A Catalog serves as the top-level logical entity for user-facing metadata within TCLake, organizing metadata resources into a hierarchical structure. It enables metadata isolation and fine-grained access control across different business units and users. This document provides a guide to basic catalog operations.
Data Catalog Hierarchy Model
Within TCLake, all metadata is registered and stored in an underlying metadata store (Metalake), which is completely transparent to the user. The hierarchical structure of metadata objects within a unified catalog is divided into three distinct levels. When referencing tables, volumes, models, or functions, they are represented using a three-level namespace format (e.g., catalog.schema.table).
Level 1: Catalog
A catalog organizes data assets across various formats. Currently, TCLake supports the following catalog categories:
|
Built-in Data Catalog | Lakehouse Catalog | A structured data catalog that natively hosts open formats, including the TCIceberg batch-stream unified table format and the Lance multimodal format. |
| Volume Catalog | An unstructured data catalog designed to directly manage files (e.g., images, video, and audio) stored in Cloud Object Storage (COS), enabling unified metadata governance for unstructured assets. |
| Model Catalog | A built-in catalog for machine learning model artifacts. It allows you to register models trained in MLOps frameworks (e.g., MLflow) into TC-Catalog, delivering full-lifecycle management for ML models. (Currently under development) |
External Data Catalog | e.g., MySQL, EMR, DLC, TCHouse | Establishes connections to external data sources via JDBC or similar protocols to retrieve their metadata in real time. |
Level 2: Schema
A Schema (often synonymous with a database) is a second-level object within a catalog. Depending on the catalog type, a schema can contain concrete data resources such as tables, views, volumes, machine learning models, and functions. Schemas organize Data and AI assets into logical groupings, providing a more granular level of categorization than the catalog itself.
Level 3: Data Resources
The third level of the catalog hierarchy consists of concrete data entities, such as Tables, Volumes, Models, and Functions, depending on the specific catalog type.
Tables / Views
A table is a concrete dataset hosted within the TCLake service, organizing data into rows and columns. A view is a saved query built on top of one or more tables.
Volumes
A volume is a logical entity used to manage unstructured data stored in systems like COS or HDFS. For example, by mapping files under a COS path (e.g., examplebucket.cos.ap-guangzhou.myqcloud.com/folder/ containing a.jpg and b.csv) to MyCatalog.MySchema.MyVolume, a compute engine can directly access the image using MyCatalog.MySchema.MyVolume/a.jpg.
Note:
A volume can only be created within a Volume-type catalog.
Models
A machine learning model registered into the Catalog from frameworks like MLflow. (Currently under development)
Note:
A model can only be created within a Model-type catalog.
Functions
A user-defined function (UDF) registered within the Catalog. It can return either a scalar value or a set of rows. (Currently in planning)
Creating a Data Catalog
2. On the Data Catalog list page, ensure you are logged in as a user with the TCLake Admin role, then click Create Data Catalog.

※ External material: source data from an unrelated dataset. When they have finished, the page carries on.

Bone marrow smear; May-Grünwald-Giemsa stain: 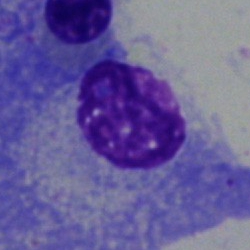 Cell = plasma cell.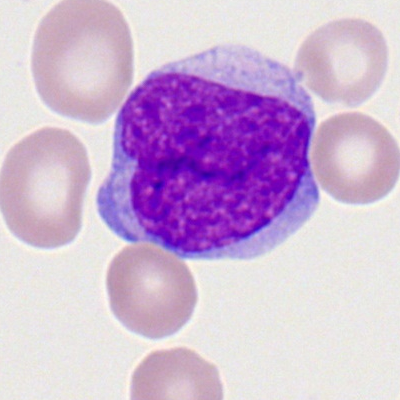{"cell_type": "myeloid blast"}
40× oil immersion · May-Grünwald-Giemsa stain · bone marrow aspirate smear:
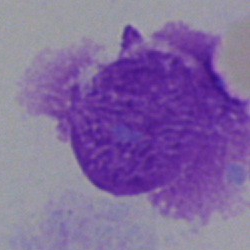

Cell — artefact.
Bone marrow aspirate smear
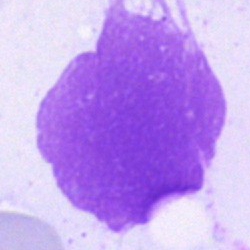
Artifact.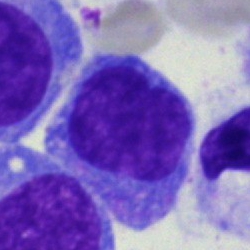
Single-cell crop from a bone marrow smear: blast.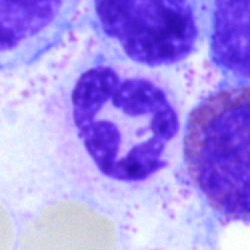
Classification — neutrophil (segmented).
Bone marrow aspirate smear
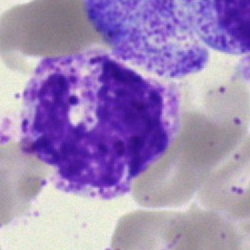 Cell: basophil.
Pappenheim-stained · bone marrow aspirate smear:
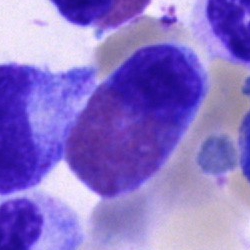Impression — eosinophilic granulocyte.
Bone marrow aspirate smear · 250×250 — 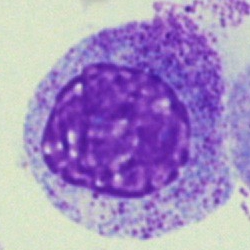 Classification — progranulocyte.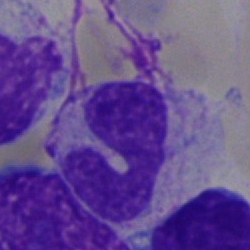

Impression → neutrophil (segmented).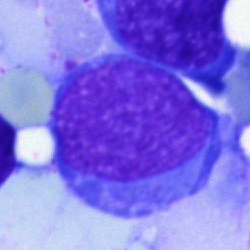

Bone marrow aspirate smear, single cell — blast.
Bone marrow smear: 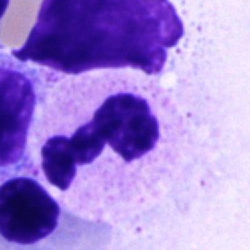
Morphology → polymorphonuclear neutrophil.
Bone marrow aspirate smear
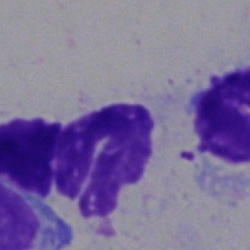Cell type — polymorphonuclear neutrophil.
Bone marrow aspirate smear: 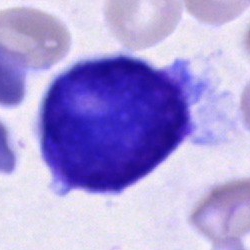A cell of indeterminate lineage.

3. Configure the following parameters in the dialog:
|
Catalog Name | Required. A globally unique identifier (no duplicates allowed). Must be 1 to 64 characters long and can only contain letters, digits, and underscores. |
Description | Optional. |
Storage Class | Currently, only the Standard storage class is supported. |
Enable Multi-AZ Redundancy | Notes: This feature is currently in limited release. To request access, please submit a ticket. Disabled by default. When enabled, data is redundantly stored across multiple Availability Zones (AZs) within the same region, providing intra-city disaster recovery capabilities. Please note: Once enabled, Multi-AZ redundancy cannot be disabled. While it significantly enhances data reliability, it also incurs higher storage usage fees. We recommend enabling this feature only if your workloads demand elevated data reliability. |
4. Review and agree to the TCLake Pricing Overview, then click to create the catalog.
Viewing a Data Catalog
In the left navigation pane, select Data Catalog. Using the catalog tree browser, you can select and explore specific catalogs along with their underlying levels, such as Schemas and Tables.
Editing a Data Catalog
1. On the Data Catalog list page, find the target catalog and click Edit in the Actions column.
2. In the configuration dialog, modify the catalog settings as needed.
Deleting a Data Catalog
On the Data Catalog list page, find the target catalog and click Delete in the Actions column.
Note:
To prevent accidental data loss, for built-in catalogs (Lakehouse, Volume, and Model) hosted in TCLake, you must manually delete all underlying metadata resources—except the default schema—before you can delete the catalog itself.